Ag markets generally firmed Friday morning
Big soy losses seem to be weighing on corn futures. The soy complex dipped Thursday night, then declined farther this morning as traders tried continued reacting to news of big Chinese soy shipment cancellations. The prospect of persistently chilly, damp weather over the Corn Belt and delays to spring plantings seems to be providing support. May corn slipped 1.5 cents to $4.9975/bushel Friday morning, while December dipped 4.0 to $5.01.
Talk of Chinese cancellations sent soy values lower Friday morning. The markets were hit Thursday by news that Chinese buyers had recently cancelled 500,000 tonnes of U.S. and Brazilian purchases. The implied reduction in Chinese demand rather clearly depressed bean and product prices again this morning, despite early news of a big new-crop sale. May soybeans dove 18.0 cents to $14.6425/bushel in early Friday trading, while May soyoil fell 0.34 cents to 42.16 cents/pound, and May soymeal sank $6.2 to 473.3/ton.
Weather forecasts may be affecting the wheat markets. Although no one is calling for substantial rains over the southern Plains, a modest improvement in the moisture outlook seemed to weigh on the winter wheat markets early this morning, but prices subsequently firmed. Conversely, Minneapolis prices rose modestly, thereby seeming to reflect concerns about spring planting delays.

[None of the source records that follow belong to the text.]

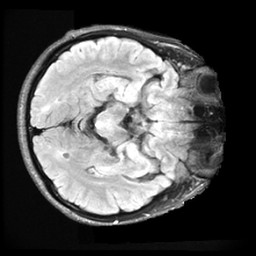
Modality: FLAIR
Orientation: axial
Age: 32
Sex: male
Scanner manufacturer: ge
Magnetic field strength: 3 T
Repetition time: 11 s
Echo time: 0.1497 s
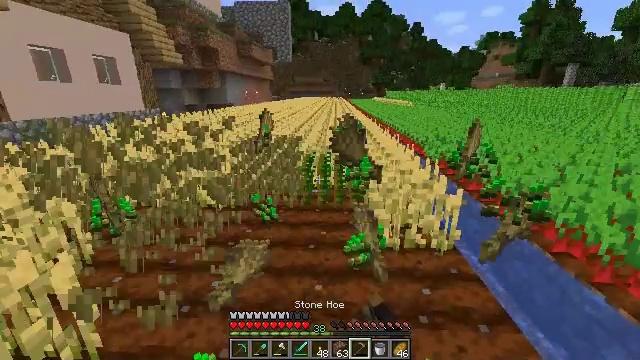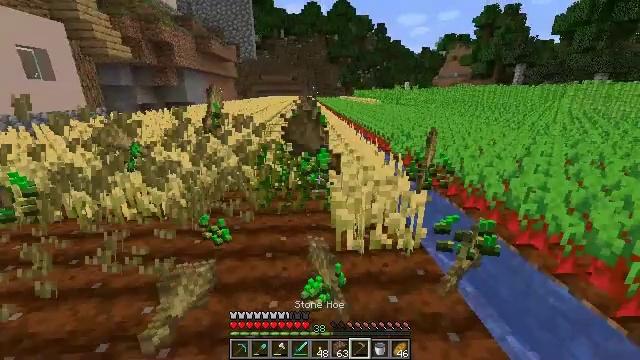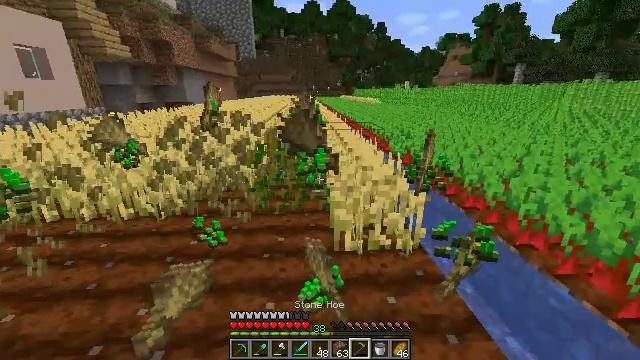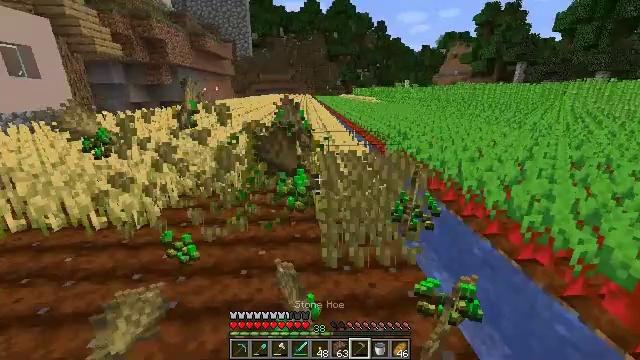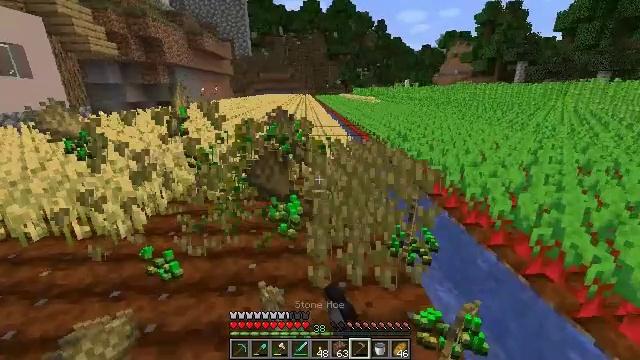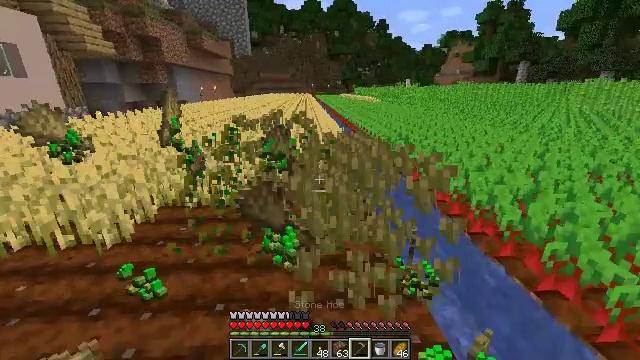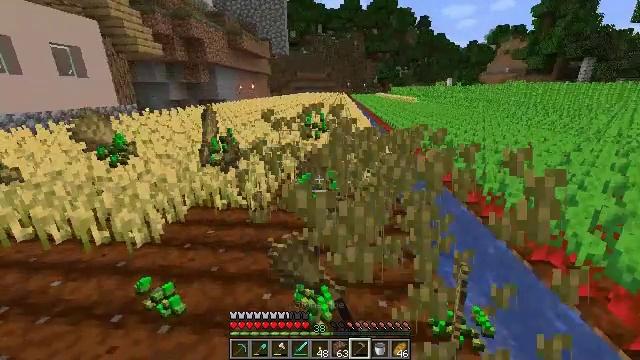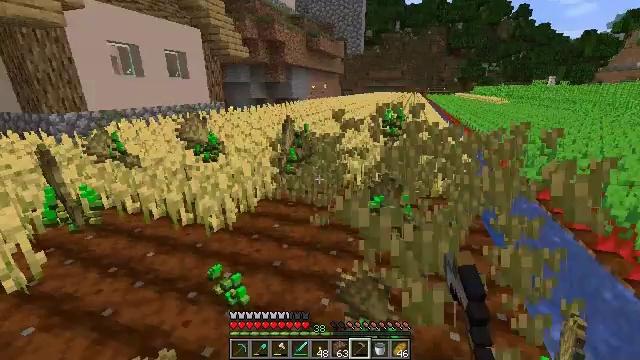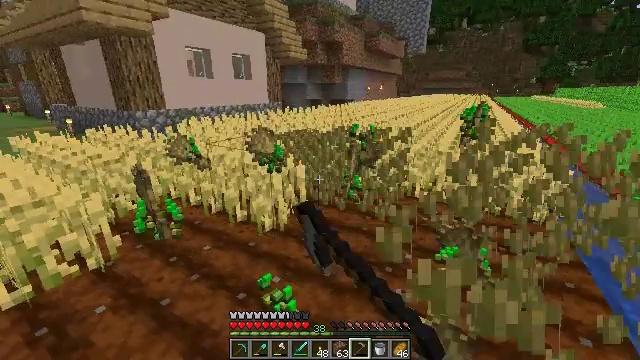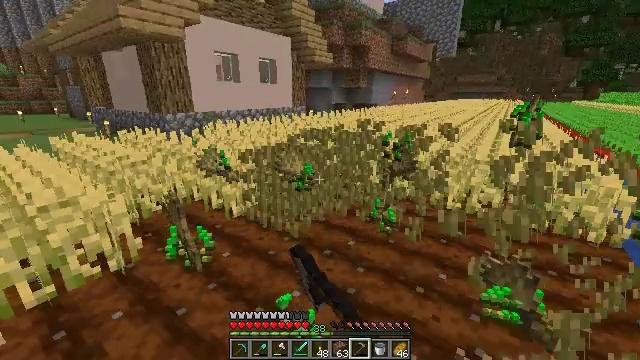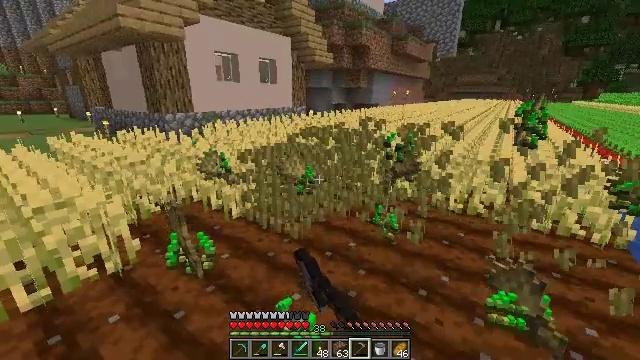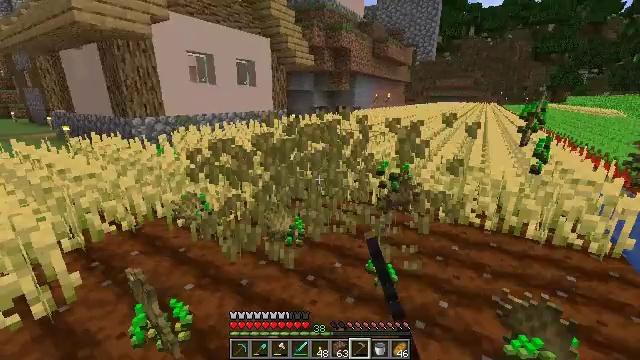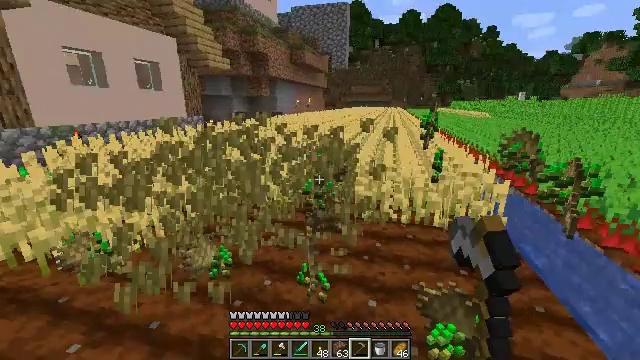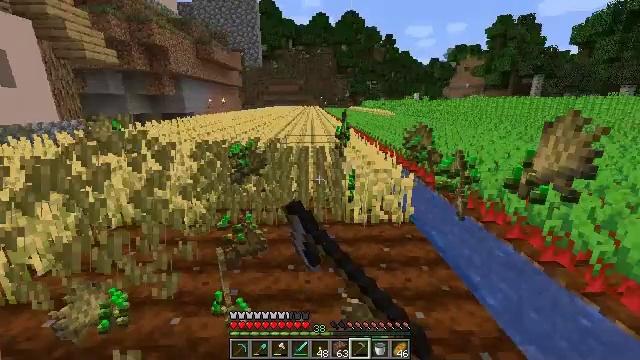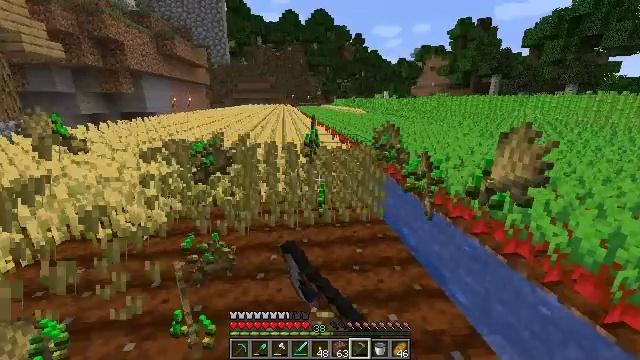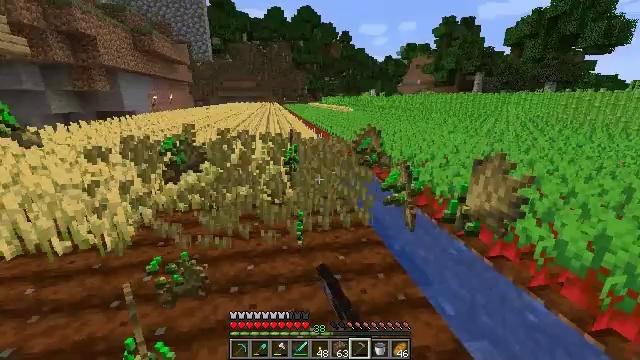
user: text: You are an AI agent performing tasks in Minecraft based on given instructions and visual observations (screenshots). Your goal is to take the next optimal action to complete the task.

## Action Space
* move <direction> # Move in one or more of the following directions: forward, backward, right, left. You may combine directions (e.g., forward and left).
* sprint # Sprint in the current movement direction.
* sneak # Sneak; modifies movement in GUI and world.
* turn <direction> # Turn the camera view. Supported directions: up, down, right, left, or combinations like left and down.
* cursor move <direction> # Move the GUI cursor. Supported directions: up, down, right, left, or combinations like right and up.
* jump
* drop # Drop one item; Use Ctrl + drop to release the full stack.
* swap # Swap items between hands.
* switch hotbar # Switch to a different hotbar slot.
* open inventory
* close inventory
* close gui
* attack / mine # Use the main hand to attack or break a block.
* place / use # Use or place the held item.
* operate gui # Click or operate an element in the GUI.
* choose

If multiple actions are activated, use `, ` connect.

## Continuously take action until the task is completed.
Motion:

May CBOT wheat futures moved up 3.0 cents to $6.6525/bushel around midsession Friday, while May KCBT wheat futures gained 2.0 cents to $7.245, while May MWE futures added 2.25 cents to $7.0325.

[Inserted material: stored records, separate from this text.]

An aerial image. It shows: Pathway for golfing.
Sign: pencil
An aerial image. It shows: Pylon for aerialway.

Talk of steady cash quotes boosted cattle futures Friday. Ongoing wholesale losses have seemingly presaged a drop in cash cattle prices this week, thereby depressing CME futures. However, Chicago prices have turned higher in response to growing talk that cash prices will remain steady this week. June cattle futures climbed 0.82 cents to 136.02 cents/pound in late Friday morning action, while December lifted 0.02 to 140.42. Meanwhile, May feeder cattle skidded 0.20 cents to 179.47 cents/pound, and August lost 0.20 to 181.72.
Wholesale strength is seemingly supporting hog futures. Cash hog and pork quotes fell sharply Thursday afternoon, which weighed heavily upon CME futures in early CME trading. And yet, the midday pork quote indicated a modest morning rise, which, along with reports of modest cash slippage, probably encouraged buying in Chicago. June hog futures had declined just 0.30 cents to 120.85 cents/pound at lunchtime Friday, dawned over Chicago, while December sank 0.30 to 88.35.
Cotton futures may be feeling equity market weakness. The cotton market proved surprising firm Thursday night despite the bearish export sales report and negative technical developments. However, the slide resumed this morning, which may have reflected weakness spilling over from the equity markets. That may indicate poor apparel demand later this year. May cotton slumped 0.05 cents to 88.97 cents/pound just before noon (EDT) Friday, while December cotton edged up 0.19 to 81.03.